I'm just numb. That surprises me; I'm more affected by Smith's death than I thought I would be. I like his music, but it's not a touchstone of my musical life. Yet I spent today shuffling around gloomy, distractible, and listless. Perhaps it's the sense of huge waste: early Heatmiser albums gave no hint that Smith could write the intense, focused, barely-there songs on his first two solo albums, with hushed singing that forced you to listen. Still less did those albums prepare you for the melodicism and textured orchestration of his last two albums, as if Simon and Garfunkel collaborated with Lennon and McCartney.
That sense of waste grows from that capacity for surprise: who knows where Smith's music might have gone, what it might have achieved. And I'm sick, just sick, of stupid decisions: not only the stupid - but unfathomable and hence difficult for me to condemn - act by which he ended his life, but the stupid decisions about heroin. The truth, though, is that it's hard to say who made that decision. I don't know whether Smith suffered from what we're nowadays pleased to call a "chemical imbalance" - as if the hell of clinical depression can be lessened by giving it such a bland name - but it seems likely, and having known enough people in similar situations, I know they often feel that decisions are things well beyond them. And I'm not in any position to judge the truth of such beliefs. All I'm left wondering is how much you have to hate yourself to stab yourself to death - and where that self-hatred comes from.
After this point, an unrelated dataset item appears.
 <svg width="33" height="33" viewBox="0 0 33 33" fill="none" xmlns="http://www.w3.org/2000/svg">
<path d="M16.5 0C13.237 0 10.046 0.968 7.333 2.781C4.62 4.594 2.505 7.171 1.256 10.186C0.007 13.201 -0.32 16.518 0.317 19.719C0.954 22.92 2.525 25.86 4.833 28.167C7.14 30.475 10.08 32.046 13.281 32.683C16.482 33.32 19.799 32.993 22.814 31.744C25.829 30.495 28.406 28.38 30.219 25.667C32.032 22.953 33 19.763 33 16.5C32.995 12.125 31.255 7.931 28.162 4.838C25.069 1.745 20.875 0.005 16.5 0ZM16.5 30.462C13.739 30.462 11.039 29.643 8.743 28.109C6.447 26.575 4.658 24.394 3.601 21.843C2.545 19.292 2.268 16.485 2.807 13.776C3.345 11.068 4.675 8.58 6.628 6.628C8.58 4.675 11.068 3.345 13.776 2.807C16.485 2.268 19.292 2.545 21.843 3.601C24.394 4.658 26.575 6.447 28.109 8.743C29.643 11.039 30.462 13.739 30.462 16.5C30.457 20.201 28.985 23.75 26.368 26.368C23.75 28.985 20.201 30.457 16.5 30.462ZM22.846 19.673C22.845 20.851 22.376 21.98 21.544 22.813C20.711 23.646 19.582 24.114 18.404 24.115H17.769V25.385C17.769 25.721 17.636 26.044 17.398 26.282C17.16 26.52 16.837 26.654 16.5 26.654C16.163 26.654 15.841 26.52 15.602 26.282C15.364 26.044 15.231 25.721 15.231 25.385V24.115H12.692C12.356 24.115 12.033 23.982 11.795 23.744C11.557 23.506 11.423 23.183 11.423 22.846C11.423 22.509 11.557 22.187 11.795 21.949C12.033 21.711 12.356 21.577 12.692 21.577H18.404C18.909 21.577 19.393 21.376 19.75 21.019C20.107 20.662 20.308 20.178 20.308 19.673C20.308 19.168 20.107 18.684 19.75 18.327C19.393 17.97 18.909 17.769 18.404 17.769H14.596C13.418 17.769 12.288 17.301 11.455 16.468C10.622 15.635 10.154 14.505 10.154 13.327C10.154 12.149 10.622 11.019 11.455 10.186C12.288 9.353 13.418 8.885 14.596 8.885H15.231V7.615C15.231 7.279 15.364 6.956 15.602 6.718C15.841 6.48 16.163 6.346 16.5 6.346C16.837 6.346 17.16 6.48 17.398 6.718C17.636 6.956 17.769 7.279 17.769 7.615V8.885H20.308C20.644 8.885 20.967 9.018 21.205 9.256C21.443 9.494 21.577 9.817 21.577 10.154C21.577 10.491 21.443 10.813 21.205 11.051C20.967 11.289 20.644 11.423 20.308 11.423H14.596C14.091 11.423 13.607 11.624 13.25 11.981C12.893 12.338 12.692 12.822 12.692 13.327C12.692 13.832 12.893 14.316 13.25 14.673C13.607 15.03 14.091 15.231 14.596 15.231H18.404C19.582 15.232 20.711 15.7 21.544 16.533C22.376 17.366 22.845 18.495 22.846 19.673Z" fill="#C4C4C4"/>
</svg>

I'll tell you what I don't want to hear: I don't want to hear journalists blathering about suffering being noble, about addiction fostering art, and about the glory of outsider cool. I don't know if anyone could have helped Elliott Smith - but there's the rest of us, and if some of us can't be helped, at least we're not as far beyond help as Smith is now.
(Death must be clearing the decks of musicians this year - my grimly humorous attempt to deal with it here.)